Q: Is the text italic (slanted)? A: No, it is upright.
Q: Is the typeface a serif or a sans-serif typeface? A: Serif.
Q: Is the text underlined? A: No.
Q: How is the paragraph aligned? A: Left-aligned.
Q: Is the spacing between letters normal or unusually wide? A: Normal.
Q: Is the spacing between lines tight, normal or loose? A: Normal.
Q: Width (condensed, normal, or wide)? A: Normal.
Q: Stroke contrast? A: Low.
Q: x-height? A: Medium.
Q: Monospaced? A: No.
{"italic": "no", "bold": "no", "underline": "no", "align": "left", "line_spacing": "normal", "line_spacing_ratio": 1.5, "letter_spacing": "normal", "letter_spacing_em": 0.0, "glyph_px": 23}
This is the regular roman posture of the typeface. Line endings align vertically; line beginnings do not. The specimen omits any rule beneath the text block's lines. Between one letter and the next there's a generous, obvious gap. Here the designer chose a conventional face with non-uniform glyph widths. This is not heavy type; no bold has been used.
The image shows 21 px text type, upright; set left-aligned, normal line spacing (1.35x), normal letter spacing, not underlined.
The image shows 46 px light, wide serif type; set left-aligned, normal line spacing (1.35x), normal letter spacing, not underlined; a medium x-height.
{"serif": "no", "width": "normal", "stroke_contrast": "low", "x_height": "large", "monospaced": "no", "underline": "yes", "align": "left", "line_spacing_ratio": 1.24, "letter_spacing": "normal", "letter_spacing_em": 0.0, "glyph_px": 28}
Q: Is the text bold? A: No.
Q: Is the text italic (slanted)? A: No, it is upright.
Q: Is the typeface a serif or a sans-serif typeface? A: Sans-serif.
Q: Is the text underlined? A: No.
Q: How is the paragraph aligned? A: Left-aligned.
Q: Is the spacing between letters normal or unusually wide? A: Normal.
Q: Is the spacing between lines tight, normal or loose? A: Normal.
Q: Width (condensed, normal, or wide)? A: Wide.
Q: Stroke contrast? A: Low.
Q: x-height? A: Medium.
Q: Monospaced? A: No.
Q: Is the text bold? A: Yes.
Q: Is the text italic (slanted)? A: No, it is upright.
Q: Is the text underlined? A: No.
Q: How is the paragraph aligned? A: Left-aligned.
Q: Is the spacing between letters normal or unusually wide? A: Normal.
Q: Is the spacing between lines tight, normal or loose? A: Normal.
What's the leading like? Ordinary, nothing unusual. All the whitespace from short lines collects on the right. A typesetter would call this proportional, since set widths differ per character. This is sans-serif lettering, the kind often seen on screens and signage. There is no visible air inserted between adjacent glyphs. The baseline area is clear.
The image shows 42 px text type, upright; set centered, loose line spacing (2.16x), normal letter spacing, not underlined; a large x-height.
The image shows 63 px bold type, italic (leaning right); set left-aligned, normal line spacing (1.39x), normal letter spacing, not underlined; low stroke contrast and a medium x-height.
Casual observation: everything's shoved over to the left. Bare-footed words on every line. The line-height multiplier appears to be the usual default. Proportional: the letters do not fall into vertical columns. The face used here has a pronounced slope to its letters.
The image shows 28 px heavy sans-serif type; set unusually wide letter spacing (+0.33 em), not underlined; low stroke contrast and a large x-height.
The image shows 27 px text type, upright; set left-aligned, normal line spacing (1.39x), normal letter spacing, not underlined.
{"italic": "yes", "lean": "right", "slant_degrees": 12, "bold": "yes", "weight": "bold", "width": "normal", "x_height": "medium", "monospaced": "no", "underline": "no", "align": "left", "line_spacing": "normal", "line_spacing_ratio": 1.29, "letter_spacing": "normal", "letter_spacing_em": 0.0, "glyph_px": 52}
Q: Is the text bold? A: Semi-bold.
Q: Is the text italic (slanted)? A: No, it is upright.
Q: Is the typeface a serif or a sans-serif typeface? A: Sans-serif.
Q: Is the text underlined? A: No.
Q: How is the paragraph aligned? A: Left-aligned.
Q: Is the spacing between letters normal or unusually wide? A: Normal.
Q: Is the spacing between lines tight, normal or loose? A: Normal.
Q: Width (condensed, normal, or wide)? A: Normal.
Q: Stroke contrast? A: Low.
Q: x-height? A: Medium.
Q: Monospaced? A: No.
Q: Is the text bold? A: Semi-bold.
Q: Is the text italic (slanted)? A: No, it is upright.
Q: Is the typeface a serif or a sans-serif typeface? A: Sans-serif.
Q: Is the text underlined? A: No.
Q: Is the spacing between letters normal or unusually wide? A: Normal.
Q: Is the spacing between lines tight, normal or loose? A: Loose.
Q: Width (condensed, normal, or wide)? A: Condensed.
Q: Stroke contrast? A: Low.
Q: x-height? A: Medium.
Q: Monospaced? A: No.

# # # # # # #

Assignment ::
Write out the whole listing again, exactly as it stands.

Result ::
Q: Is the text italic (slanted)? A: No, it is upright.
Q: Is the typeface a serif or a sans-serif typeface? A: Serif.
Q: Is the text underlined? A: No.
Q: How is the paragraph aligned? A: Left-aligned.
Q: Is the spacing between letters normal or unusually wide? A: Normal.
Q: Is the spacing between lines tight, normal or loose? A: Normal.
Q: Width (condensed, normal, or wide)? A: Normal.
Q: Stroke contrast? A: Low.
Q: x-height? A: Medium.
Q: Monospaced? A: No.
{"italic": "no", "bold": "no", "underline": "no", "align": "left", "line_spacing": "normal", "line_spacing_ratio": 1.5, "letter_spacing": "normal", "letter_spacing_em": 0.0, "glyph_px": 23}
This is the regular roman posture of the typeface. Line endings align vertically; line beginnings do not. The specimen omits any rule beneath the text block's lines. Between one letter and the next there's a generous, obvious gap. Here the designer chose a conventional face with non-uniform glyph widths. This is not heavy type; no bold has been used.
The image shows 21 px text type, upright; set left-aligned, normal line spacing (1.35x), normal letter spacing, not underlined.
The image shows 46 px light, wide serif type; set left-aligned, normal line spacing (1.35x), normal letter spacing, not underlined; a medium x-height.
{"serif": "no", "width": "normal", "stroke_contrast": "low", "x_height": "large", "monospaced": "no", "underline": "yes", "align": "left", "line_spacing_ratio": 1.24, "letter_spacing": "normal", "letter_spacing_em": 0.0, "glyph_px": 28}
Q: Is the text bold? A: No.
Q: Is the text italic (slanted)? A: No, it is upright.
Q: Is the typeface a serif or a sans-serif typeface? A: Sans-serif.
Q: Is the text underlined? A: No.
Q: How is the paragraph aligned? A: Left-aligned.
Q: Is the spacing between letters normal or unusually wide? A: Normal.
Q: Is the spacing between lines tight, normal or loose? A: Normal.
Q: Width (condensed, normal, or wide)? A: Wide.
Q: Stroke contrast? A: Low.
Q: x-height? A: Medium.
Q: Monospaced? A: No.
Q: Is the text bold? A: Yes.
Q: Is the text italic (slanted)? A: No, it is upright.
Q: Is the text underlined? A: No.
Q: How is the paragraph aligned? A: Left-aligned.
Q: Is the spacing between letters normal or unusually wide? A: Normal.
Q: Is the spacing between lines tight, normal or loose? A: Normal.
What's the leading like? Ordinary, nothing unusual. All the whitespace from short lines collects on the right. A typesetter would call this proportional, since set widths differ per character. This is sans-serif lettering, the kind often seen on screens and signage. There is no visible air inserted between adjacent glyphs. The baseline area is clear.
The image shows 42 px text type, upright; set centered, loose line spacing (2.16x), normal letter spacing, not underlined; a large x-height.
The image shows 63 px bold type, italic (leaning right); set left-aligned, normal line spacing (1.39x), normal letter spacing, not underlined; low stroke contrast and a medium x-height.
Casual observation: everything's shoved over to the left. Bare-footed words on every line. The line-height multiplier appears to be the usual default. Proportional: the letters do not fall into vertical columns. The face used here has a pronounced slope to its letters.
The image shows 28 px heavy sans-serif type; set unusually wide letter spacing (+0.33 em), not underlined; low stroke contrast and a large x-height.
The image shows 27 px text type, upright; set left-aligned, normal line spacing (1.39x), normal letter spacing, not underlined.
{"italic": "yes", "lean": "right", "slant_degrees": 12, "bold": "yes", "weight": "bold", "width": "normal", "x_height": "medium", "monospaced": "no", "underline": "no", "align": "left", "line_spacing": "normal", "line_spacing_ratio": 1.29, "letter_spacing": "normal", "letter_spacing_em": 0.0, "glyph_px": 52}
Q: Is the text bold? A: Semi-bold.
Q: Is the text italic (slanted)? A: No, it is upright.
Q: Is the typeface a serif or a sans-serif typeface? A: Sans-serif.
Q: Is the text underlined? A: No.
Q: How is the paragraph aligned? A: Left-aligned.
Q: Is the spacing between letters normal or unusually wide? A: Normal.
Q: Is the spacing between lines tight, normal or loose? A: Normal.
Q: Width (condensed, normal, or wide)? A: Normal.
Q: Stroke contrast? A: Low.
Q: x-height? A: Medium.
Q: Monospaced? A: No.
Q: Is the text bold? A: Semi-bold.
Q: Is the text italic (slanted)? A: No, it is upright.
Q: Is the typeface a serif or a sans-serif typeface? A: Sans-serif.
Q: Is the text underlined? A: No.
Q: Is the spacing between letters normal or unusually wide? A: Normal.
Q: Is the spacing between lines tight, normal or loose? A: Loose.
Q: Width (condensed, normal, or wide)? A: Condensed.
Q: Stroke contrast? A: Low.
Q: x-height? A: Medium.
Q: Monospaced? A: No.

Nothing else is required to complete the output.